- _DIRECTIONS_
Examine each line of the data. Copy the line if it includes the word "text".

Extracted records
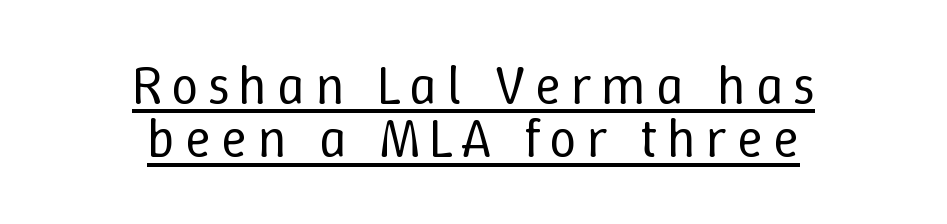
{"italic": "no", "bold": "no", "weight": "regular", "width": "normal", "stroke_contrast": "low", "x_height": "medium", "monospaced": "no", "underline": "yes", "align": "center", "line_spacing": "tight", "line_spacing_ratio": 0.97, "glyph_px": 55}
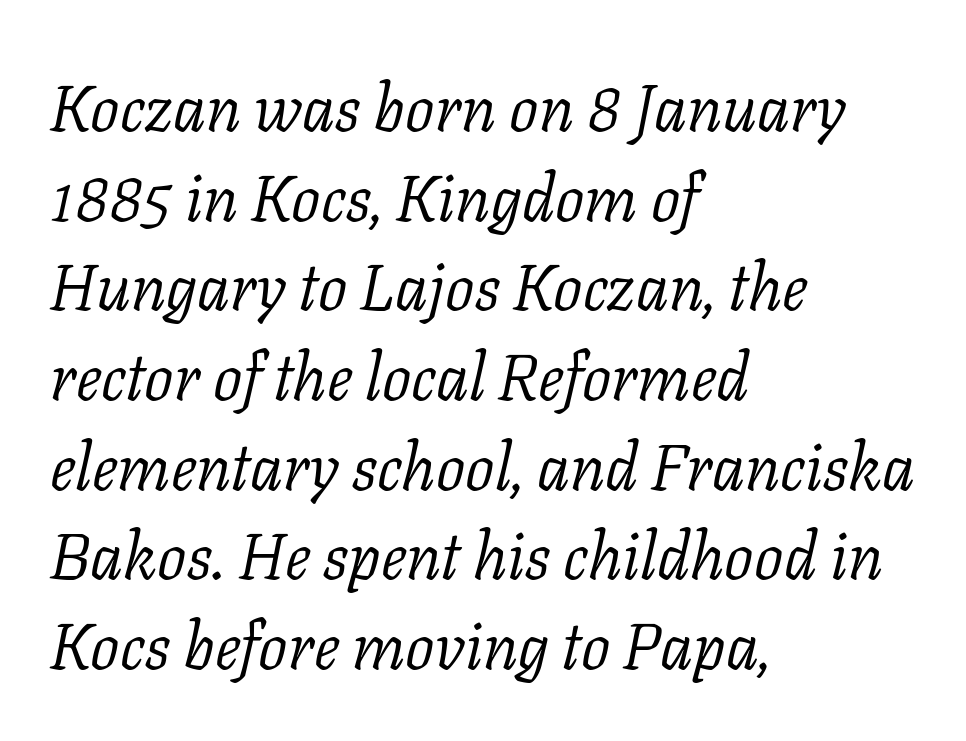
{"serif": "yes", "italic": "yes", "lean": "right", "slant_degrees": 11, "bold": "no", "weight": "light", "width": "normal", "stroke_contrast": "low", "x_height": "medium", "monospaced": "no", "underline": "no", "align": "left", "line_spacing": "normal", "line_spacing_ratio": 1.38, "letter_spacing": "normal", "letter_spacing_em": 0.0, "glyph_px": 65}
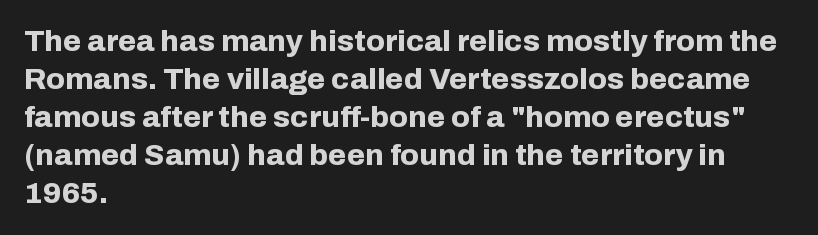
Q: Is the text bold? A: Yes.
Q: Is the text italic (slanted)? A: No, it is upright.
Q: Is the typeface a serif or a sans-serif typeface? A: Sans-serif.
Q: Is the text underlined? A: No.
Q: How is the paragraph aligned? A: Left-aligned.
Q: Is the spacing between letters normal or unusually wide? A: Normal.
Q: Is the spacing between lines tight, normal or loose? A: Normal.
Q: Width (condensed, normal, or wide)? A: Normal.
Q: Stroke contrast? A: Low.
Q: x-height? A: Medium.
Q: Monospaced? A: No.

- _TASK RESPONSE_
Q: Is the text bold? A: Yes.
Q: Is the text italic (slanted)? A: No, it is upright.
Q: Is the text underlined? A: No.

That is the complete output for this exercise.